2025年6月17日、ロシアによるキエフ市内の空爆で少なくとも14人が死亡し、40人以上が負傷した。キエフの軍事管理当局が明らかにした。爆撃により複数の建物が崩壊し、生存者を捜索する作業が続いていた。

広範な被害の中での救助活動

キエフの軍事管理当局長官、ティムール・ツァチェンコ氏は、救助作業が行われており、瓦礫の中から人々を捜索しているため死者数が増える可能性があると述べた。スパイゲル紙によると、崩壊した構造物からさらに多くの犠牲者が見つかる可能性がある。

キエフのダルニツキー地区では、キエフ・ポストが報じたところによると、1人が死亡し、16人が負傷した。複数階建ての住宅が部分的に崩壊し、住民が閉じ込められた。地元の緊急対応チームは、重機や捜索犬を駆使して瓦礫の中から行方不明者を捜索している。

広範な破壊とインフラ被害

ウクライナ内務省によると、攻撃により27か所が被害を受け、住宅、教育施設、主要インフラが影響を受けた。RBK-ウクライナが報じたところによると、キエフでは広範な停電が発生した。
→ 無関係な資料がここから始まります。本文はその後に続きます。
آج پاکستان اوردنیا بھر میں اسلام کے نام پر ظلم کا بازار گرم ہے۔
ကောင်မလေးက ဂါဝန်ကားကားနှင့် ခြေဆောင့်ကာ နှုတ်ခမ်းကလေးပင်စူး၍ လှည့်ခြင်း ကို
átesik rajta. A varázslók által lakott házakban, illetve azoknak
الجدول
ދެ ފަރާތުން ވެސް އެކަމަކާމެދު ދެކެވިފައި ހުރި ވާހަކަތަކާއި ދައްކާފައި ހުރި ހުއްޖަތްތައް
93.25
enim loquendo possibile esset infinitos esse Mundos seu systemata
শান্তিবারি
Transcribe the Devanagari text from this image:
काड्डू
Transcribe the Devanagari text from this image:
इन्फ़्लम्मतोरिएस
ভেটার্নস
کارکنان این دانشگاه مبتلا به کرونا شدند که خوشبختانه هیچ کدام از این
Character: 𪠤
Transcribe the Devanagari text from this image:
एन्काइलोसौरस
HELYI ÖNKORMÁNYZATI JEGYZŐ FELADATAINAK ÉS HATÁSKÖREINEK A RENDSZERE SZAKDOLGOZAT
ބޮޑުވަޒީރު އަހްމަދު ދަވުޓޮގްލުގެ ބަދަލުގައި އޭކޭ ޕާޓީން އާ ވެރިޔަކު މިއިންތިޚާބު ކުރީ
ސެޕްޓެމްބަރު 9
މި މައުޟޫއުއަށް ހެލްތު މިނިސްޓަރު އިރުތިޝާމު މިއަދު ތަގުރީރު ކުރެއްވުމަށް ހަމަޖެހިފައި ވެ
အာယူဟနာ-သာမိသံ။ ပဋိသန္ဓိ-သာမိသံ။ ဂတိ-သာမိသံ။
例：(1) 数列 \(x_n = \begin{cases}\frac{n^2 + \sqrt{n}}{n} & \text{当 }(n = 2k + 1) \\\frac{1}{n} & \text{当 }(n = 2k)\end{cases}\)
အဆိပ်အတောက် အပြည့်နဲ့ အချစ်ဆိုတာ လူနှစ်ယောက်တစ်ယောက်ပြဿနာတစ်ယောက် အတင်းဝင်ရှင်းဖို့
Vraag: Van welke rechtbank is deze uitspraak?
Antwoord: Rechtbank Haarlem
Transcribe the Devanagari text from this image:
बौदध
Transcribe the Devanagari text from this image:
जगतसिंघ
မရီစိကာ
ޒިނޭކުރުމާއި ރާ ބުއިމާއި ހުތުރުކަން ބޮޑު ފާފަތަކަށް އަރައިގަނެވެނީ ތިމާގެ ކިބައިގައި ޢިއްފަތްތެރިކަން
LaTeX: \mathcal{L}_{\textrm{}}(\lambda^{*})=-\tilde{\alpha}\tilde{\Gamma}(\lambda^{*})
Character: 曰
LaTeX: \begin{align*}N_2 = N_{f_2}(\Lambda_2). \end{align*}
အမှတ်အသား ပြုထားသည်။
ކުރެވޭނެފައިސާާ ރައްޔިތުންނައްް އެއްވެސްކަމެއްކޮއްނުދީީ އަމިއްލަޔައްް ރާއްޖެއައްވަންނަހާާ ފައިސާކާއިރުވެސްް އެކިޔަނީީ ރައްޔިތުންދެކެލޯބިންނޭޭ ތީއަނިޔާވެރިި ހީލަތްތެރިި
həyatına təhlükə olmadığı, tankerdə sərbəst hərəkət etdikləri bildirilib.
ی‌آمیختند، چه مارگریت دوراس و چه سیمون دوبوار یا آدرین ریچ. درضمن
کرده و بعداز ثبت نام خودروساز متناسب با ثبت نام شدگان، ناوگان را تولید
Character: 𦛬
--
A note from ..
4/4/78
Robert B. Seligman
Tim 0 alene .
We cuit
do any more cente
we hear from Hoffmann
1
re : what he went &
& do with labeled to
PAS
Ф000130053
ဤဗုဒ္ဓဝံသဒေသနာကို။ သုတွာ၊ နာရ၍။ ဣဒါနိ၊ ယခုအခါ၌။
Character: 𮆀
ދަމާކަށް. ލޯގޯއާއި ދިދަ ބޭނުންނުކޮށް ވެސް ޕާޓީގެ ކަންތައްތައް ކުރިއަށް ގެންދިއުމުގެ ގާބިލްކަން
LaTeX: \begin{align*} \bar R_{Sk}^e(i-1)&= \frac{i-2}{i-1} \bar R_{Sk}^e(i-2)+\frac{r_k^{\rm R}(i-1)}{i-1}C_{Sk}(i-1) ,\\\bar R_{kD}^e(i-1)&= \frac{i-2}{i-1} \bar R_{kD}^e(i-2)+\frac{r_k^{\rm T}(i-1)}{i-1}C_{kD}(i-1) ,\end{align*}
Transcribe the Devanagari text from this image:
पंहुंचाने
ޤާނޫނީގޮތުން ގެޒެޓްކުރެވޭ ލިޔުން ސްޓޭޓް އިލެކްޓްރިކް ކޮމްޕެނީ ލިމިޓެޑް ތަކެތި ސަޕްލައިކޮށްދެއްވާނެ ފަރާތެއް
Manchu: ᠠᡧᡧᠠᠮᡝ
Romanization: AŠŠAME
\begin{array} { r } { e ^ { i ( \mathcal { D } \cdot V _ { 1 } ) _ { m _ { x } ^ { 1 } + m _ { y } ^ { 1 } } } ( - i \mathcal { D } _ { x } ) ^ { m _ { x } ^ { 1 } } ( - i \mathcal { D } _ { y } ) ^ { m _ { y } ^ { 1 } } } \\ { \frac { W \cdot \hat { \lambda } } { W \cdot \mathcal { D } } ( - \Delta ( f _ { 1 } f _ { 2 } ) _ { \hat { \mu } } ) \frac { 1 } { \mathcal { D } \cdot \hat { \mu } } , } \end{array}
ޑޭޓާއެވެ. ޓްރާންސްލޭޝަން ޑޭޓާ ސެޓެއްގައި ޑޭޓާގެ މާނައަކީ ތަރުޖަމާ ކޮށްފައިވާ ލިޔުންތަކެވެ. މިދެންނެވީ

ツァチェンコ氏はテレグラムで「瓦礫の中から人々を捜索している」と述べた。キエフ・ポストは首都で再び空襲警報が鳴ったと報じ、市民に対するさらなるリスクがあることを示唆している。

多様な攻撃手段と市民への影響

キエフ・ポストによると、攻撃はドローンとミサイルの両方を用いて行われた。キエフ・インディペンデント紙は、市内でドローンやロケットの音が聞かれ、続いて複数回の爆発が発生したと報じた。キエフ・ポストは破壊された住宅の写真を掲載し、被害の広がりを示した。

市当局は崩壊現場近くに応急治療ポイントを設置し、負傷者を治療している。キエフ市長のヴィタリー・クリチコ氏はその措置を確認した。また、複数の場所で火災が発生し、救助活動がさらに複雑化していると報告した。

オデッサでは、地元市長が都市に向けて多数のドローンが発射されたと報告した。攻撃パターンはウクライナのインフラや市民地域への協調的かつ多段階の攻撃を示唆している。